Since we proved that \(V_t=u(t,S_t)\) with \(u(t,s)\in C^{1,2}\), the reasoning we used, when saying that \(\widetilde{H}_t=S_t\frac{Z_t}{\sigma (t,S_t)}\) represented choosing a delta-hedge, it is actually more than a heuristic argument.

Moreover, since (17) does not depend on the risk-free rate \(r_t\) so we can state the following:

Theorem 4

(Invariance Theorem) If we are under the assumptions at the beginning of Sect. 4 and we assume that we are backing our deal with a delta hedging strategy, then the price \(V_t\) can be calculated via the semilinear PDE (17) and does not depend on the risk-free rate r(t).
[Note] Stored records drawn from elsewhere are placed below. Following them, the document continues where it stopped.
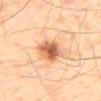No biopsy was performed on this lesion — it was imaged during a full skin examination and was not determined to be concerning.
The subject is a male aged approximately 40.
Automated image analysis of the tile measured a lesion area of about 9 mm² and a shape-asymmetry score of about 0.2 (0 = symmetric). And it measured border irregularity of about 2 on a 0–10 scale, internal color variation of about 7.5 on a 0–10 scale, and radial color variation of about 2. The analysis additionally found a nevus-likeness score of about 95/100 and lesion-presence confidence of about 100/100.
The lesion is located on the mid back.
The tile uses cross-polarized illumination.
A region of skin cropped from a whole-body photographic capture, roughly 15 mm wide.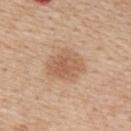Notes:
* notes · imaged on a skin check; not biopsied
* lesion size · ~4.5 mm (longest diameter)
* anatomic site · the right upper arm
* patient · male, in their 60s
* automated metrics · a peripheral color-asymmetry measure near 1; a classifier nevus-likeness of about 25/100 and a detector confidence of about 100 out of 100 that the crop contains a lesion
* tile lighting · white-light illumination
* image source · ~15 mm tile from a whole-body skin photo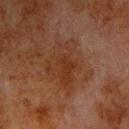Part of a total-body skin-imaging series; this lesion was reviewed on a skin check and was not flagged for biopsy.
Captured under cross-polarized illumination.
A male patient, in their 80s.
An algorithmic analysis of the crop reported a nevus-likeness score of about 0/100 and a detector confidence of about 100 out of 100 that the crop contains a lesion.
A close-up tile cropped from a whole-body skin photograph, about 15 mm across.
Longest diameter approximately 6 mm.
Located on the front of the torso.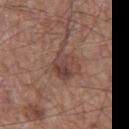Clinical impression: The lesion was photographed on a routine skin check and not biopsied; there is no pathology result. Context: From the left thigh. Captured under white-light illumination. A 15 mm close-up tile from a total-body photography series done for melanoma screening. The patient is a male aged 58 to 62. The recorded lesion diameter is about 4.5 mm. The lesion-visualizer software estimated roughly 8 lightness units darker than nearby skin.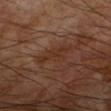workup: no biopsy performed (imaged during a skin exam) | anatomic site: the right forearm | subject: male, aged 68–72 | lesion diameter: about 4.5 mm | lighting: cross-polarized illumination | TBP lesion metrics: a border-irregularity index near 5/10 and radial color variation of about 0.5 | image source: ~15 mm crop, total-body skin-cancer survey.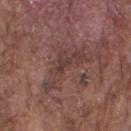Context: Automated tile analysis of the lesion measured a footprint of about 10 mm² and a shape eccentricity near 0.9. It also reported a border-irregularity index near 9/10 and a within-lesion color-variation index near 2.5/10. A roughly 15 mm field-of-view crop from a total-body skin photograph. The tile uses white-light illumination. The lesion is located on the right upper arm. Measured at roughly 6.5 mm in maximum diameter. A male patient in their mid-70s.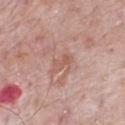biopsy_status: not biopsied; imaged during a skin examination
site: chest
image:
  source: total-body photography crop
  field_of_view_mm: 15
lesion_size:
  long_diameter_mm_approx: 3.0
patient:
  sex: male
  age_approx: 70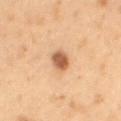The lesion was tiled from a total-body skin photograph and was not biopsied.
A lesion tile, about 15 mm wide, cut from a 3D total-body photograph.
On the mid back.
Captured under cross-polarized illumination.
Longest diameter approximately 2.5 mm.
The patient is a male in their mid- to late 50s.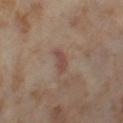Q: Illumination type?
A: cross-polarized
Q: Lesion size?
A: about 2.5 mm
Q: Where on the body is the lesion?
A: the left thigh
Q: What are the patient's age and sex?
A: female, in their mid- to late 50s
Q: How was this image acquired?
A: total-body-photography crop, ~15 mm field of view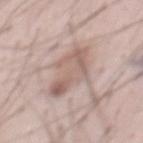Clinical impression: The lesion was tiled from a total-body skin photograph and was not biopsied. Acquisition and patient details: This image is a 15 mm lesion crop taken from a total-body photograph. The lesion is located on the front of the torso. The patient is a male approximately 55 years of age. This is a white-light tile. The lesion-visualizer software estimated a lesion color around L≈61 a*≈16 b*≈23 in CIELAB, about 10 CIELAB-L* units darker than the surrounding skin, and a normalized lesion–skin contrast near 6.5. It also reported a nevus-likeness score of about 0/100 and a detector confidence of about 45 out of 100 that the crop contains a lesion. Measured at roughly 6.5 mm in maximum diameter.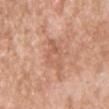{"biopsy_status": "not biopsied; imaged during a skin examination", "lighting": "white-light", "site": "chest", "lesion_size": {"long_diameter_mm_approx": 4.5}, "image": {"source": "total-body photography crop", "field_of_view_mm": 15}, "patient": {"sex": "male", "age_approx": 40}, "automated_metrics": {"area_mm2_approx": 6.0, "eccentricity": 0.9, "shape_asymmetry": 0.35, "cielab_L": 59, "cielab_a": 23, "cielab_b": 32, "vs_skin_darker_L": 7.0, "vs_skin_contrast_norm": 5.0, "border_irregularity_0_10": 5.0, "color_variation_0_10": 4.5, "peripheral_color_asymmetry": 1.5, "nevus_likeness_0_100": 0, "lesion_detection_confidence_0_100": 95}}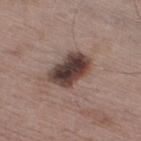Q: Automated lesion metrics?
A: a shape eccentricity near 0.75 and a shape-asymmetry score of about 0.2 (0 = symmetric); a mean CIELAB color near L≈39 a*≈16 b*≈20, roughly 17 lightness units darker than nearby skin, and a normalized border contrast of about 13.5; a border-irregularity rating of about 2/10, internal color variation of about 7 on a 0–10 scale, and a peripheral color-asymmetry measure near 2; a classifier nevus-likeness of about 40/100 and a detector confidence of about 100 out of 100 that the crop contains a lesion
Q: What is the anatomic site?
A: the right thigh
Q: How was this image acquired?
A: ~15 mm crop, total-body skin-cancer survey
Q: What is the lesion's diameter?
A: ≈5 mm
Q: Who is the patient?
A: male, aged around 65
Q: What lighting was used for the tile?
A: white-light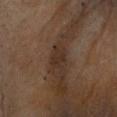No biopsy was performed on this lesion — it was imaged during a full skin examination and was not determined to be concerning. The lesion's longest dimension is about 2.5 mm. This is a cross-polarized tile. Cropped from a total-body skin-imaging series; the visible field is about 15 mm. The patient is a female in their 60s. From the head or neck.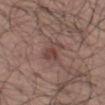Captured during whole-body skin photography for melanoma surveillance; the lesion was not biopsied. Located on the right leg. A region of skin cropped from a whole-body photographic capture, roughly 15 mm wide. The subject is a male in their 70s.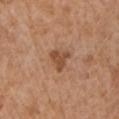Q: Was a biopsy performed?
A: catalogued during a skin exam; not biopsied
Q: Who is the patient?
A: male, about 65 years old
Q: What kind of image is this?
A: ~15 mm tile from a whole-body skin photo
Q: Lesion location?
A: the left upper arm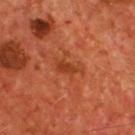follow-up: total-body-photography surveillance lesion; no biopsy | tile lighting: cross-polarized | size: ≈3.5 mm | acquisition: ~15 mm crop, total-body skin-cancer survey | TBP lesion metrics: a lesion color around L≈38 a*≈30 b*≈37 in CIELAB, a lesion–skin lightness drop of about 7, and a lesion-to-skin contrast of about 6.5 (normalized; higher = more distinct); border irregularity of about 4.5 on a 0–10 scale, a within-lesion color-variation index near 1.5/10, and radial color variation of about 0.5; a classifier nevus-likeness of about 0/100 and lesion-presence confidence of about 100/100 | subject: male, aged 53–57 | location: the chest.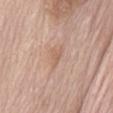Imaged during a routine full-body skin examination; the lesion was not biopsied and no histopathology is available.
The lesion is located on the abdomen.
A male patient aged approximately 70.
A roughly 15 mm field-of-view crop from a total-body skin photograph.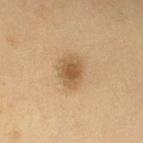<record>
  <biopsy_status>not biopsied; imaged during a skin examination</biopsy_status>
  <site>left upper arm</site>
  <lesion_size>
    <long_diameter_mm_approx>3.5</long_diameter_mm_approx>
  </lesion_size>
  <lighting>cross-polarized</lighting>
  <image>
    <source>total-body photography crop</source>
    <field_of_view_mm>15</field_of_view_mm>
  </image>
  <patient>
    <sex>male</sex>
    <age_approx>60</age_approx>
  </patient>
</record>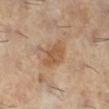  site: leg
  patient:
    sex: female
    age_approx: 60
  image:
    source: total-body photography crop
    field_of_view_mm: 15
  lighting: cross-polarized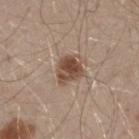biopsy status — no biopsy performed (imaged during a skin exam)
lighting — white-light illumination
acquisition — ~15 mm tile from a whole-body skin photo
site — the mid back
patient — male, aged around 30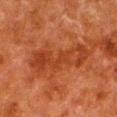Case summary:
• follow-up · no biopsy performed (imaged during a skin exam)
• patient · male, in their 80s
• lesion diameter · about 8.5 mm
• image · ~15 mm crop, total-body skin-cancer survey
• site · the left lower leg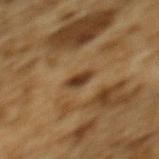Clinical impression: This lesion was catalogued during total-body skin photography and was not selected for biopsy. Background: The lesion is located on the mid back. A male subject, aged approximately 85 or older. A 15 mm close-up tile from a total-body photography series done for melanoma screening. An algorithmic analysis of the crop reported a border-irregularity index near 2/10, a within-lesion color-variation index near 3/10, and peripheral color asymmetry of about 1.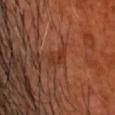Imaged during a routine full-body skin examination; the lesion was not biopsied and no histopathology is available. The tile uses cross-polarized illumination. About 3 mm across. The lesion is located on the head or neck. The patient is a male aged around 50. A close-up tile cropped from a whole-body skin photograph, about 15 mm across.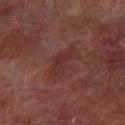notes=imaged on a skin check; not biopsied | body site=the left forearm | subject=male, roughly 65 years of age | illumination=cross-polarized illumination | lesion diameter=about 4 mm | image source=~15 mm crop, total-body skin-cancer survey.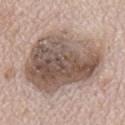This lesion was catalogued during total-body skin photography and was not selected for biopsy. Automated image analysis of the tile measured an area of roughly 55 mm², an outline eccentricity of about 0.55 (0 = round, 1 = elongated), and a symmetry-axis asymmetry near 0.25. It also reported an average lesion color of about L≈54 a*≈14 b*≈23 (CIELAB). On the mid back. A male subject, approximately 70 years of age. Measured at roughly 9.5 mm in maximum diameter. A 15 mm close-up tile from a total-body photography series done for melanoma screening. Captured under white-light illumination.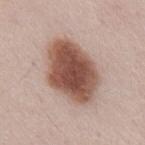{
  "biopsy_status": "not biopsied; imaged during a skin examination",
  "image": {
    "source": "total-body photography crop",
    "field_of_view_mm": 15
  },
  "lesion_size": {
    "long_diameter_mm_approx": 7.5
  },
  "automated_metrics": {
    "area_mm2_approx": 28.0,
    "eccentricity": 0.75,
    "cielab_L": 51,
    "cielab_a": 21,
    "cielab_b": 26,
    "vs_skin_contrast_norm": 12.0
  },
  "site": "abdomen",
  "patient": {
    "sex": "male",
    "age_approx": 50
  }
}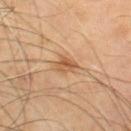Impression: Captured during whole-body skin photography for melanoma surveillance; the lesion was not biopsied. Image and clinical context: Measured at roughly 3 mm in maximum diameter. Automated tile analysis of the lesion measured a border-irregularity index near 3/10, internal color variation of about 4.5 on a 0–10 scale, and radial color variation of about 1.5. The software also gave a lesion-detection confidence of about 100/100. A roughly 15 mm field-of-view crop from a total-body skin photograph. A male subject, aged around 70. The lesion is located on the right thigh. Captured under cross-polarized illumination.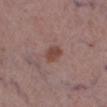Clinical impression: Recorded during total-body skin imaging; not selected for excision or biopsy. Clinical summary: A female subject aged approximately 65. Longest diameter approximately 3 mm. The lesion is located on the leg. A 15 mm close-up tile from a total-body photography series done for melanoma screening.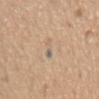Q: Was a biopsy performed?
A: total-body-photography surveillance lesion; no biopsy
Q: Who is the patient?
A: male, in their 70s
Q: Where on the body is the lesion?
A: the front of the torso
Q: Automated lesion metrics?
A: a footprint of about 3 mm², an outline eccentricity of about 0.95 (0 = round, 1 = elongated), and a symmetry-axis asymmetry near 0.4; a nevus-likeness score of about 0/100 and a detector confidence of about 55 out of 100 that the crop contains a lesion
Q: What lighting was used for the tile?
A: white-light
Q: Lesion size?
A: about 3.5 mm
Q: How was this image acquired?
A: ~15 mm crop, total-body skin-cancer survey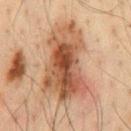workup = catalogued during a skin exam; not biopsied | image = ~15 mm tile from a whole-body skin photo | image-analysis metrics = a border-irregularity rating of about 4/10, a within-lesion color-variation index near 9/10, and a peripheral color-asymmetry measure near 3; an automated nevus-likeness rating near 90 out of 100 and a lesion-detection confidence of about 95/100 | illumination = cross-polarized illumination | size = ~9.5 mm (longest diameter) | anatomic site = the chest | subject = male, about 35 years old.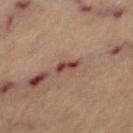<tbp_lesion>
<biopsy_status>not biopsied; imaged during a skin examination</biopsy_status>
<image>
  <source>total-body photography crop</source>
  <field_of_view_mm>15</field_of_view_mm>
</image>
<patient>
  <sex>female</sex>
  <age_approx>65</age_approx>
</patient>
<site>left thigh</site>
<lighting>cross-polarized</lighting>
<automated_metrics>
  <area_mm2_approx>3.0</area_mm2_approx>
  <eccentricity>0.9</eccentricity>
  <shape_asymmetry>0.4</shape_asymmetry>
  <border_irregularity_0_10>3.5</border_irregularity_0_10>
  <peripheral_color_asymmetry>0.0</peripheral_color_asymmetry>
  <nevus_likeness_0_100>0</nevus_likeness_0_100>
  <lesion_detection_confidence_0_100>85</lesion_detection_confidence_0_100>
</automated_metrics>
<lesion_size>
  <long_diameter_mm_approx>2.5</long_diameter_mm_approx>
</lesion_size>
</tbp_lesion>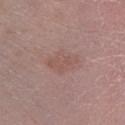Impression: The lesion was photographed on a routine skin check and not biopsied; there is no pathology result. Clinical summary: A female subject aged around 60. A lesion tile, about 15 mm wide, cut from a 3D total-body photograph. Automated tile analysis of the lesion measured an area of roughly 7.5 mm² and an eccentricity of roughly 0.75. The analysis additionally found an average lesion color of about L≈53 a*≈20 b*≈22 (CIELAB) and a lesion-to-skin contrast of about 4.5 (normalized; higher = more distinct). It also reported internal color variation of about 2 on a 0–10 scale and peripheral color asymmetry of about 1. The analysis additionally found a classifier nevus-likeness of about 0/100 and lesion-presence confidence of about 100/100. From the right lower leg. The recorded lesion diameter is about 4 mm.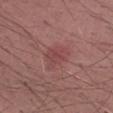Assessment:
The lesion was tiled from a total-body skin photograph and was not biopsied.
Context:
Imaged with white-light lighting. A male subject, roughly 50 years of age. The lesion's longest dimension is about 4 mm. The lesion-visualizer software estimated a lesion area of about 7.5 mm², an eccentricity of roughly 0.75, and a shape-asymmetry score of about 0.35 (0 = symmetric). And it measured a mean CIELAB color near L≈45 a*≈26 b*≈21 and a normalized border contrast of about 5. And it measured border irregularity of about 3.5 on a 0–10 scale, internal color variation of about 2 on a 0–10 scale, and radial color variation of about 0.5. The software also gave an automated nevus-likeness rating near 5 out of 100 and lesion-presence confidence of about 100/100. A roughly 15 mm field-of-view crop from a total-body skin photograph. The lesion is on the right upper arm.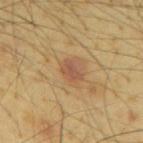Impression:
Part of a total-body skin-imaging series; this lesion was reviewed on a skin check and was not flagged for biopsy.
Image and clinical context:
Captured under cross-polarized illumination. The patient is a male aged 63–67. Cropped from a whole-body photographic skin survey; the tile spans about 15 mm. The lesion is on the mid back. The lesion's longest dimension is about 3 mm.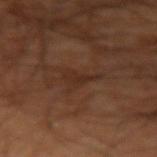notes: imaged on a skin check; not biopsied
patient: male, approximately 60 years of age
site: the left arm
automated metrics: a footprint of about 4.5 mm²; roughly 5 lightness units darker than nearby skin and a normalized lesion–skin contrast near 5.5
tile lighting: cross-polarized illumination
acquisition: 15 mm crop, total-body photography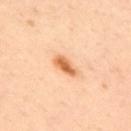follow-up = catalogued during a skin exam; not biopsied | patient = male, in their mid- to late 40s | tile lighting = cross-polarized illumination | lesion size = ≈3.5 mm | image = ~15 mm crop, total-body skin-cancer survey | location = the upper back.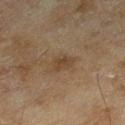Assessment: This lesion was catalogued during total-body skin photography and was not selected for biopsy. Clinical summary: Imaged with cross-polarized lighting. From the right lower leg. A female subject in their 60s. A close-up tile cropped from a whole-body skin photograph, about 15 mm across. Longest diameter approximately 2.5 mm.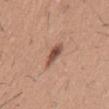biopsy status: catalogued during a skin exam; not biopsied | subject: male, roughly 60 years of age | illumination: white-light | lesion diameter: ~3.5 mm (longest diameter) | acquisition: total-body-photography crop, ~15 mm field of view | TBP lesion metrics: internal color variation of about 4 on a 0–10 scale and radial color variation of about 1; a nevus-likeness score of about 90/100 and lesion-presence confidence of about 100/100 | body site: the lower back.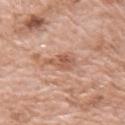This is a white-light tile.
The subject is a female aged 73 to 77.
The lesion is located on the right upper arm.
A 15 mm crop from a total-body photograph taken for skin-cancer surveillance.
The recorded lesion diameter is about 4 mm.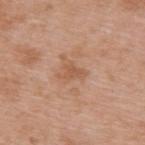{
  "biopsy_status": "not biopsied; imaged during a skin examination",
  "image": {
    "source": "total-body photography crop",
    "field_of_view_mm": 15
  },
  "site": "back",
  "patient": {
    "sex": "female",
    "age_approx": 40
  }
}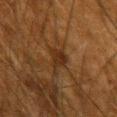This lesion was catalogued during total-body skin photography and was not selected for biopsy. Imaged with cross-polarized lighting. A male patient, aged 63 to 67. Measured at roughly 3 mm in maximum diameter. A 15 mm crop from a total-body photograph taken for skin-cancer surveillance. The lesion is on the right upper arm.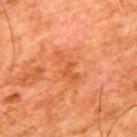Case summary:
– notes — imaged on a skin check; not biopsied
– image — ~15 mm crop, total-body skin-cancer survey
– patient — male, aged 78 to 82
– site — the upper back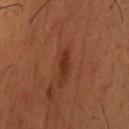No biopsy was performed on this lesion — it was imaged during a full skin examination and was not determined to be concerning.
The lesion is located on the head or neck.
The subject is a male aged 33 to 37.
Cropped from a whole-body photographic skin survey; the tile spans about 15 mm.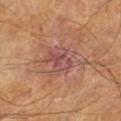| field | value |
|---|---|
| biopsy status | imaged on a skin check; not biopsied |
| patient | male, aged around 60 |
| illumination | cross-polarized illumination |
| automated lesion analysis | a lesion area of about 17 mm², a shape eccentricity near 0.75, and two-axis asymmetry of about 0.35; a lesion color around L≈49 a*≈22 b*≈25 in CIELAB, about 7 CIELAB-L* units darker than the surrounding skin, and a normalized border contrast of about 7 |
| location | the leg |
| imaging modality | 15 mm crop, total-body photography |
| lesion size | ≈6.5 mm |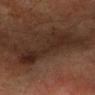{
  "biopsy_status": "not biopsied; imaged during a skin examination",
  "image": {
    "source": "total-body photography crop",
    "field_of_view_mm": 15
  },
  "patient": {
    "sex": "male",
    "age_approx": 60
  },
  "site": "left forearm",
  "lighting": "cross-polarized",
  "lesion_size": {
    "long_diameter_mm_approx": 9.0
  }
}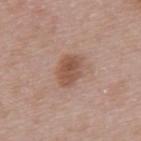This lesion was catalogued during total-body skin photography and was not selected for biopsy. The recorded lesion diameter is about 3.5 mm. A female subject, about 30 years old. The lesion-visualizer software estimated a shape eccentricity near 0.75 and two-axis asymmetry of about 0.2. It also reported lesion-presence confidence of about 100/100. Captured under white-light illumination. A 15 mm crop from a total-body photograph taken for skin-cancer surveillance. The lesion is located on the back.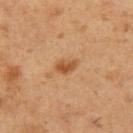Notes:
- biopsy status — no biopsy performed (imaged during a skin exam)
- image source — total-body-photography crop, ~15 mm field of view
- subject — male, approximately 55 years of age
- location — the left upper arm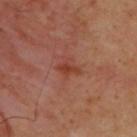workup: catalogued during a skin exam; not biopsied | image source: total-body-photography crop, ~15 mm field of view | location: the upper back | subject: male, about 45 years old | diameter: ≈2.5 mm | tile lighting: cross-polarized | TBP lesion metrics: a footprint of about 3 mm².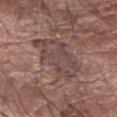notes: total-body-photography surveillance lesion; no biopsy | lighting: white-light | lesion diameter: about 6.5 mm | image: ~15 mm tile from a whole-body skin photo | location: the arm | subject: male, aged 68–72.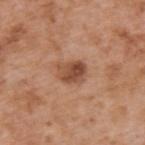Case summary:
- notes: catalogued during a skin exam; not biopsied
- lighting: white-light illumination
- image-analysis metrics: a mean CIELAB color near L≈49 a*≈23 b*≈32
- subject: male, aged 63–67
- anatomic site: the upper back
- image: 15 mm crop, total-body photography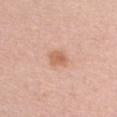Clinical impression:
Imaged during a routine full-body skin examination; the lesion was not biopsied and no histopathology is available.
Background:
The lesion is located on the chest. A female patient, aged around 40. Approximately 3 mm at its widest. Captured under white-light illumination. The total-body-photography lesion software estimated a footprint of about 5 mm² and two-axis asymmetry of about 0.25. A lesion tile, about 15 mm wide, cut from a 3D total-body photograph.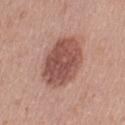Notes:
• notes · catalogued during a skin exam; not biopsied
• tile lighting · white-light
• subject · female, aged around 40
• lesion size · ≈6.5 mm
• image-analysis metrics · a lesion area of about 22 mm² and a shape eccentricity near 0.75; a border-irregularity index near 1.5/10 and radial color variation of about 1.5; a detector confidence of about 100 out of 100 that the crop contains a lesion
• image source · total-body-photography crop, ~15 mm field of view
• site · the left upper arm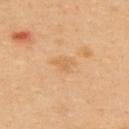{"biopsy_status": "not biopsied; imaged during a skin examination", "automated_metrics": {"nevus_likeness_0_100": 0, "lesion_detection_confidence_0_100": 100}, "site": "back", "lesion_size": {"long_diameter_mm_approx": 3.0}, "patient": {"sex": "male", "age_approx": 40}, "image": {"source": "total-body photography crop", "field_of_view_mm": 15}}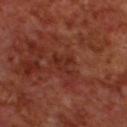| field | value |
|---|---|
| notes | total-body-photography surveillance lesion; no biopsy |
| patient | male, aged 68–72 |
| location | the upper back |
| image | total-body-photography crop, ~15 mm field of view |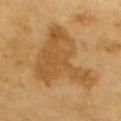Clinical impression:
The lesion was photographed on a routine skin check and not biopsied; there is no pathology result.
Background:
The subject is a male approximately 85 years of age or older. Captured under cross-polarized illumination. Automated image analysis of the tile measured a lesion area of about 35 mm², an eccentricity of roughly 0.6, and two-axis asymmetry of about 0.6. It also reported a detector confidence of about 95 out of 100 that the crop contains a lesion. A close-up tile cropped from a whole-body skin photograph, about 15 mm across. Measured at roughly 9 mm in maximum diameter. The lesion is located on the chest.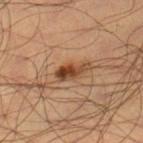<lesion>
  <biopsy_status>not biopsied; imaged during a skin examination</biopsy_status>
  <image>
    <source>total-body photography crop</source>
    <field_of_view_mm>15</field_of_view_mm>
  </image>
  <lighting>cross-polarized</lighting>
  <patient>
    <sex>male</sex>
    <age_approx>35</age_approx>
  </patient>
  <site>right lower leg</site>
  <lesion_size>
    <long_diameter_mm_approx>4.0</long_diameter_mm_approx>
  </lesion_size>
  <automated_metrics>
    <area_mm2_approx>5.5</area_mm2_approx>
    <eccentricity>0.9</eccentricity>
    <shape_asymmetry>0.3</shape_asymmetry>
    <border_irregularity_0_10>3.5</border_irregularity_0_10>
    <color_variation_0_10>4.5</color_variation_0_10>
    <peripheral_color_asymmetry>1.0</peripheral_color_asymmetry>
  </automated_metrics>
</lesion>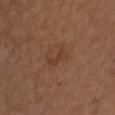The lesion was tiled from a total-body skin photograph and was not biopsied.
A lesion tile, about 15 mm wide, cut from a 3D total-body photograph.
About 3 mm across.
The subject is a male in their mid-70s.
Imaged with white-light lighting.
On the right upper arm.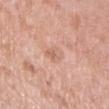The lesion's longest dimension is about 2.5 mm.
The lesion is located on the left upper arm.
A 15 mm close-up tile from a total-body photography series done for melanoma screening.
Automated tile analysis of the lesion measured a border-irregularity rating of about 2.5/10, a within-lesion color-variation index near 3/10, and peripheral color asymmetry of about 1. And it measured an automated nevus-likeness rating near 0 out of 100 and lesion-presence confidence of about 100/100.
Captured under white-light illumination.
The patient is a male roughly 50 years of age.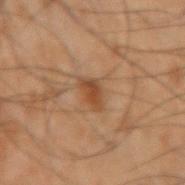| key | value |
|---|---|
| biopsy status | total-body-photography surveillance lesion; no biopsy |
| tile lighting | cross-polarized |
| image source | ~15 mm crop, total-body skin-cancer survey |
| location | the right upper arm |
| size | ~3 mm (longest diameter) |
| subject | male, aged approximately 50 |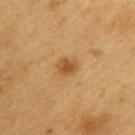{"biopsy_status": "not biopsied; imaged during a skin examination", "site": "upper back", "lesion_size": {"long_diameter_mm_approx": 2.5}, "image": {"source": "total-body photography crop", "field_of_view_mm": 15}, "lighting": "cross-polarized", "patient": {"sex": "male", "age_approx": 60}, "automated_metrics": {"cielab_L": 52, "cielab_a": 21, "cielab_b": 42, "vs_skin_darker_L": 10.0, "vs_skin_contrast_norm": 7.5, "nevus_likeness_0_100": 90, "lesion_detection_confidence_0_100": 100}}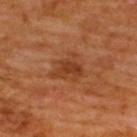workup = total-body-photography surveillance lesion; no biopsy | site = the upper back | diameter = about 4 mm | subject = male, aged approximately 65 | image = total-body-photography crop, ~15 mm field of view.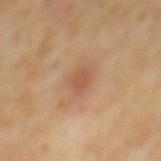| key | value |
|---|---|
| follow-up | catalogued during a skin exam; not biopsied |
| body site | the mid back |
| subject | male, about 55 years old |
| acquisition | ~15 mm tile from a whole-body skin photo |

This invariance result shows that even when starting from a risk-neutral valuation theory, the risk-free rate disappears from the nonlinear valuation equations. A discussion on consequences of nonlinearity and invariance on valuation in general, on the operational procedures of a bank, on the legitimacy of fully charging the nonlinear value to a client, and on the related dangers of overlapping valuation adjustments is presented elsewhere, see for example [3, 5] and references therein.